Stored records:
<<<<

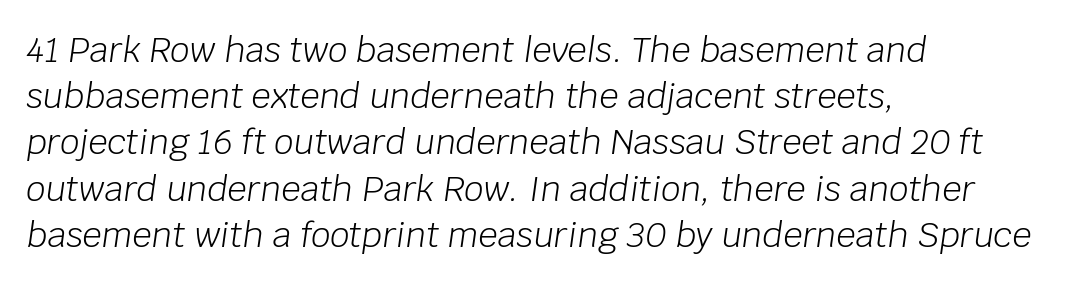
The image shows 34 px light type, italic (leaning right); set left-aligned, normal line spacing (1.36x), normal letter spacing, not underlined; low stroke contrast and a large x-height.
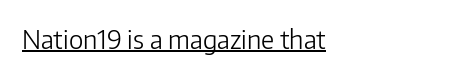
Q: Is the text bold? A: No.
Q: Is the text italic (slanted)? A: No, it is upright.
Q: Is the text underlined? A: Yes.
Q: How is the paragraph aligned? A: Left-aligned.
Q: Is the spacing between letters normal or unusually wide? A: Normal.
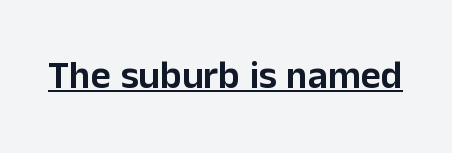
{"serif": "no", "italic": "no", "width": "normal", "stroke_contrast": "low", "x_height": "medium", "monospaced": "no", "underline": "yes", "letter_spacing": "normal", "letter_spacing_em": 0.0, "glyph_px": 39}
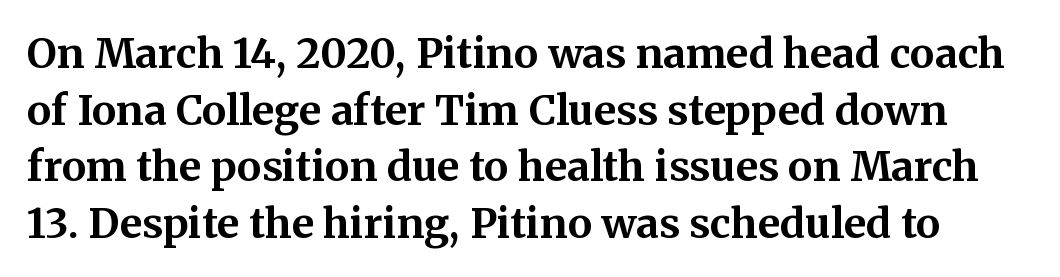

>>>>

EXERCISE OBJECTIVE -
Give back each entry verbatim but drop its pictures.

EXERCISE ANSWER -
The image shows 34 px light type, italic (leaning right); set left-aligned, normal line spacing (1.36x), normal letter spacing, not underlined; low stroke contrast and a large x-height.
Q: Is the text bold? A: No.
Q: Is the text italic (slanted)? A: No, it is upright.
Q: Is the text underlined? A: Yes.
Q: How is the paragraph aligned? A: Left-aligned.
Q: Is the spacing between letters normal or unusually wide? A: Normal.
{"serif": "no", "italic": "no", "width": "normal", "stroke_contrast": "low", "x_height": "medium", "monospaced": "no", "underline": "yes", "letter_spacing": "normal", "letter_spacing_em": 0.0, "glyph_px": 39}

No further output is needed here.